By: Michal Kurka
There’s a new major release of H2O, and it’s packed with new features and fixes! Among the big new features in this release, we’ve added RuleFit — an interpretable machine learning algorithm, introduced a new toolbox for model explainability, made Target Encoding work for all classes of problems, and integrated it in our AutoML framework. On the technical side, we improved our Kubernetes integration, improved the performance of the platform, and further improved our XGBoost integration. The release is named after Ernst Zermelo.
New Algorithm: RuleFit
We are happy to add Rulefit to H2O. The Rulefit algorithm combines tree ensembles and linear models to take advantage of both methods: a tree ensemble’s accuracy and a linear model’s interpretability. The general algorithm fits a tree ensemble to the data, builds a rule ensemble by traversing each tree, evaluates the rules on the data to build a rule feature set, and fits a sparse linear model (LASSO) to the rule feature set joined with the original feature set.
Since this is our first offering of the algorithm, a bunch of attractive features are still yet to be added. Stay tuned for more advanced diagnostic tools, extended support of tree ensembles to be used for rule generation, and further algorithm optimizations in the upcoming versions of H2O.
The documentation for Rulefit is available here.
H2O now features a toolkit for Model Explainability. We provide a simple and automatic interface for a number of new and existing explainability methods and visualizations in H2O. The main functions,
h2o.explain() (for global explanations) and
h2o.explain_row() (for local explanations), work for individual H2O models, a list of models, or an H2O AutoML object. The explain functions generate a list of explanations including individual units of explanation such as a partial dependence (PD) plot or a variable importance plot. Most of the explanations are visual, and the plots may be generated separately by individual utility functions (e.g.
h2o.varimp_heatmap_plot()). Here’s a list of what’s automatically generated for a list of models or an AutoML object:
- Leaderboard (compare all models)
- Confusion Matrix for Leader Model (classification only)
- Residual Analysis for Leader Model (regression only)
- Variable Importance of Top Base (non-Stacked) Model
- Variable Importance Heatmap (compare all non-Stacked models)
- Model Correlation Heatmap (compare all models)
- SHAP Summary of Top Tree-based Model (TreeSHAP)
- Partial Dependence (PD) Multi Plots (compare all models)
- Individual Conditional Expectation (ICE) Plots
Below are some examples of the visual explanations that will be automatically generated, in this case, by an AutoML object which contains a large number of models, as well as a “Leader Model.” Some visualizations explore groups of models (e.g. Variable Importance Heatmap, PD multi-plot), and some explore a single model (e.g. SHAP Summary plot, ICE plot). The documentation for Model Explainability, as well as visual examples for how all the plots are generated, is available here. We will continue to grow our explainability toolkit in future releases, and we’d love your feedback, so feel free to add your ideas and feature requests as comments on this ticket.
GAM models now offer full support for the traditional model productionizing tool – MOJO. The well-known
download_mojo() methods may now be used with GAM models.

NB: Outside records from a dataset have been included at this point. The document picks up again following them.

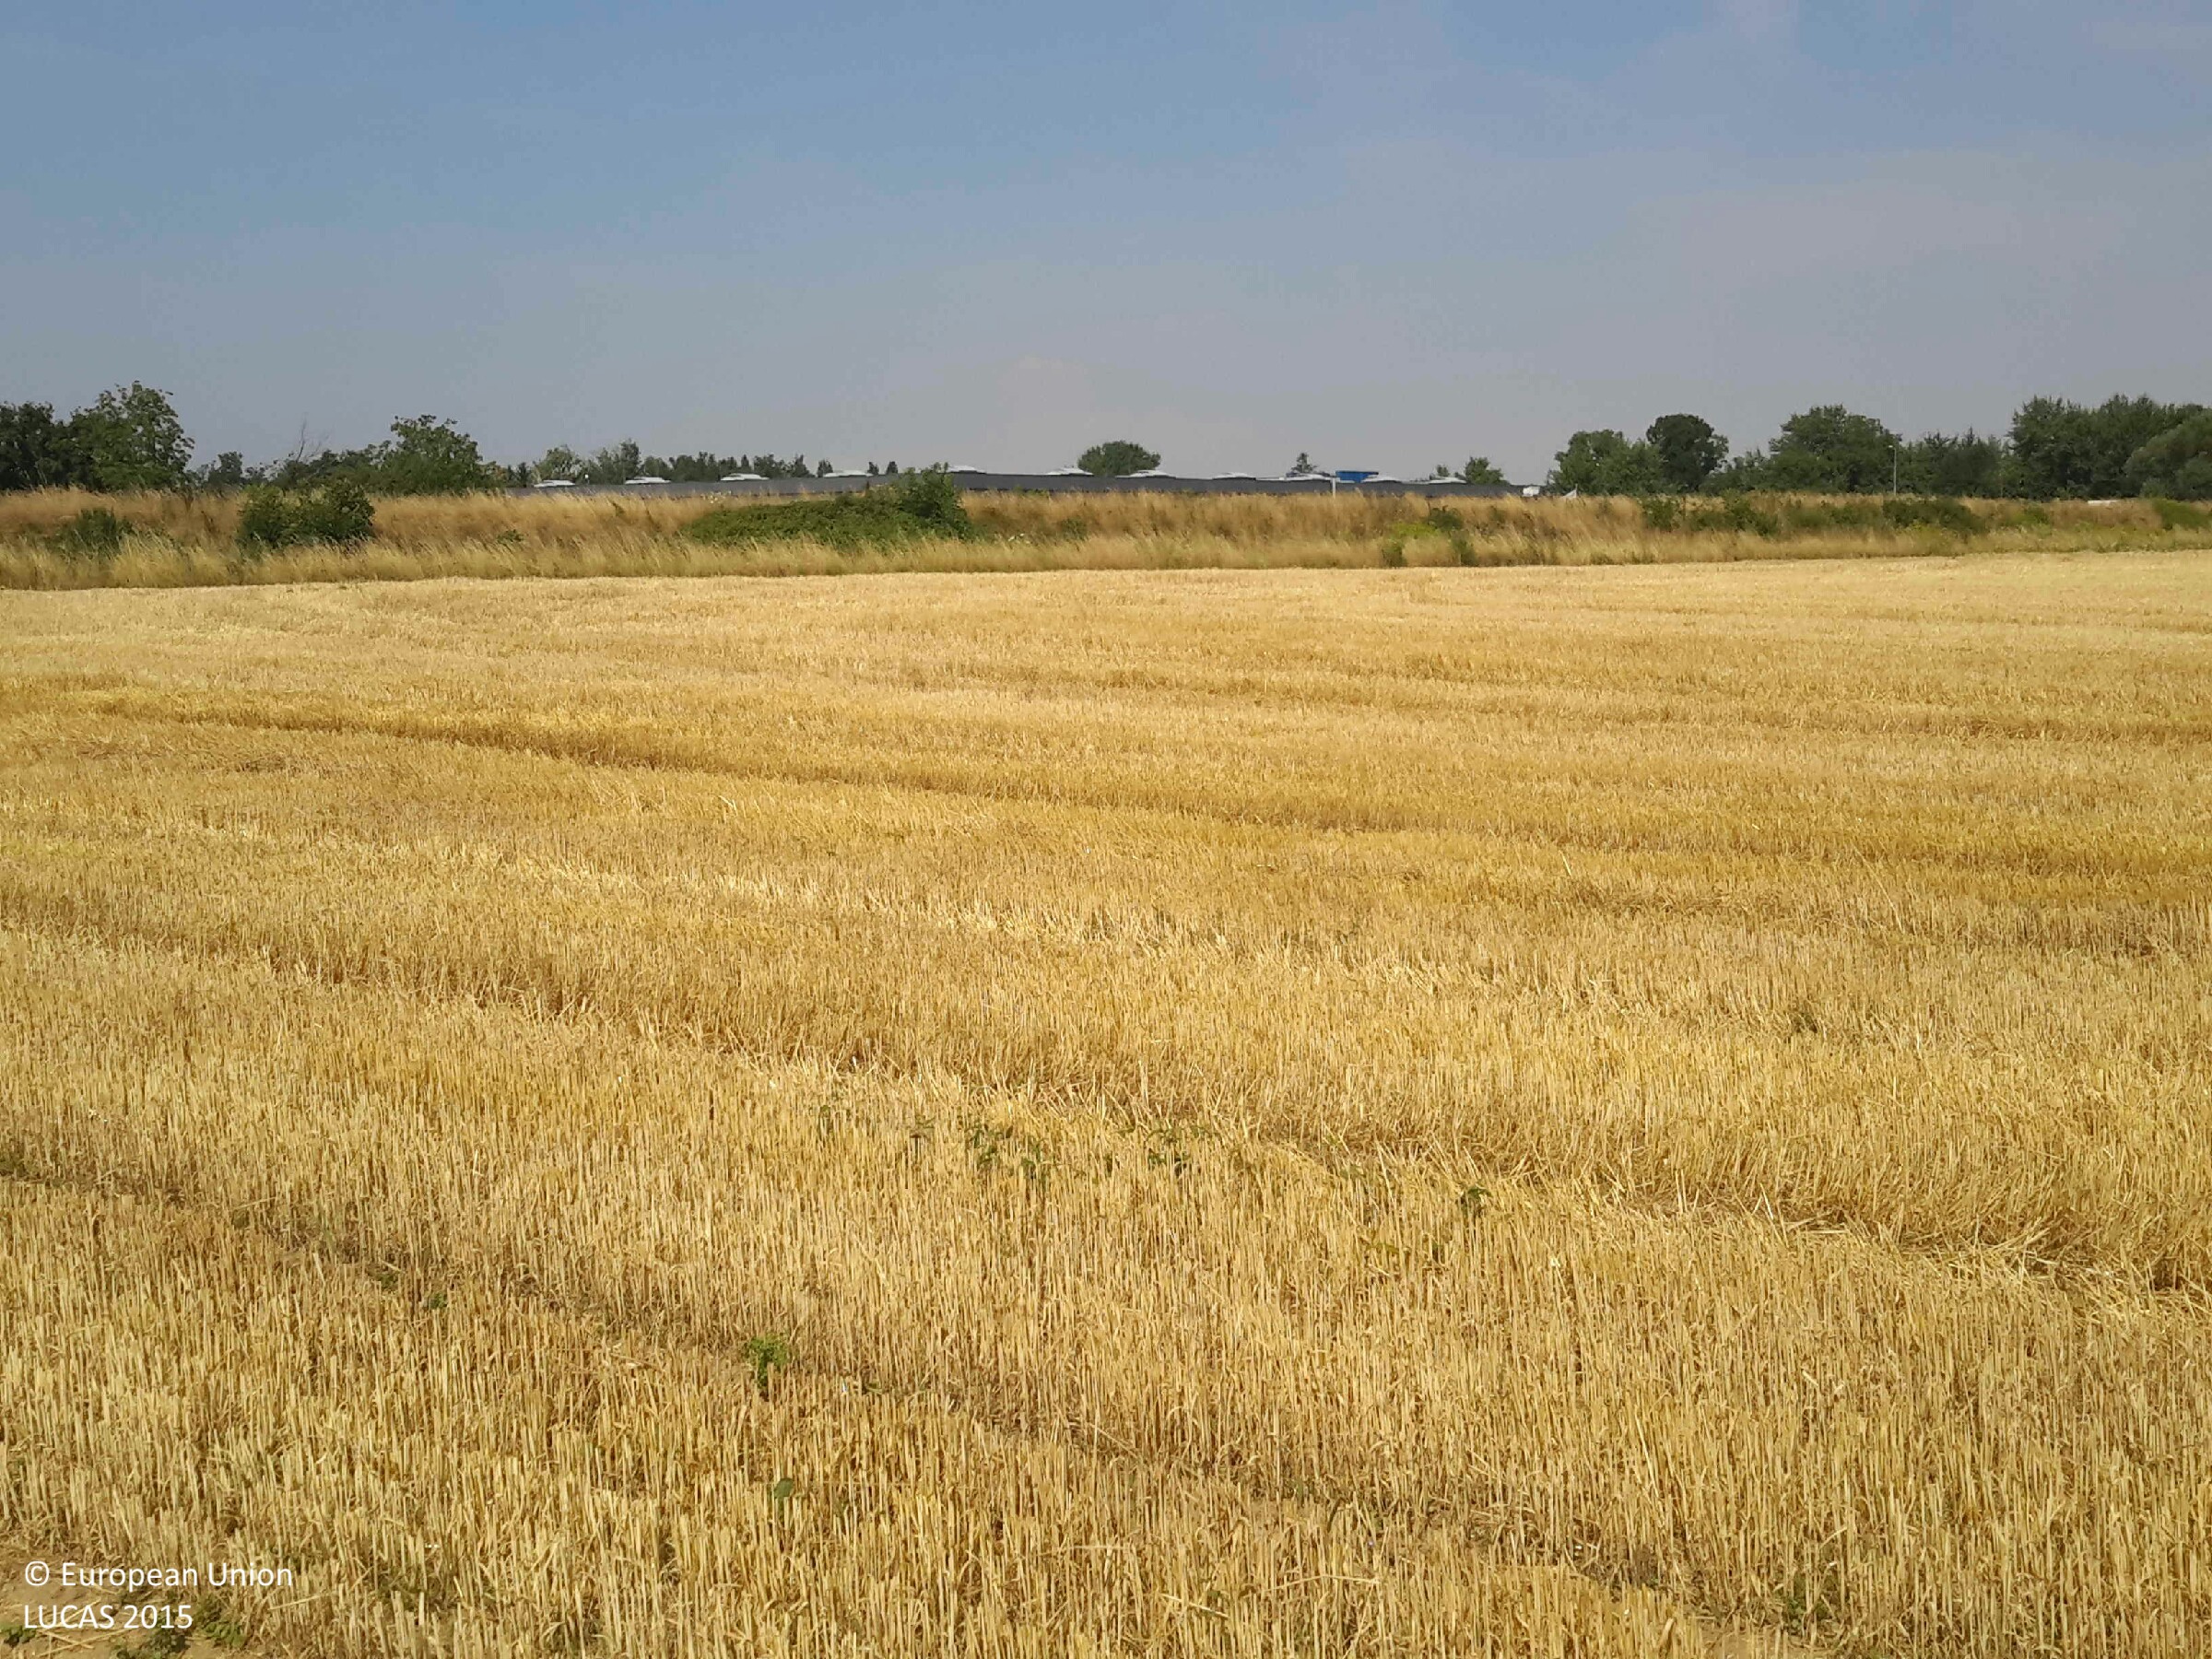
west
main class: Cropland
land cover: Common wheat
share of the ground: 50 - 75 %
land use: Agriculture (excluding fallow land and kitchen gardens)
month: July
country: HU
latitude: 47.4043
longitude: 16.7227

Support has also been added for cross-validation during GAM model training. Please set the
nfolds parameter on a GAM model to a value >= 2 to enable cross-validation.
Target Encoding for Regression and Multinomial Problems
Target Encoding is a powerful method for dealing with categorical variables, improving model performance, and avoiding overfitting. In this H2O release, we’ve also extended our existing Target Encoding support to include regression and multiclass classification problems. H2O’s target encoding can now be used for all classes of problems. In addition to that, we have also improved the API in order to make it easier to use and improve consistency in our client libraries (Python, R).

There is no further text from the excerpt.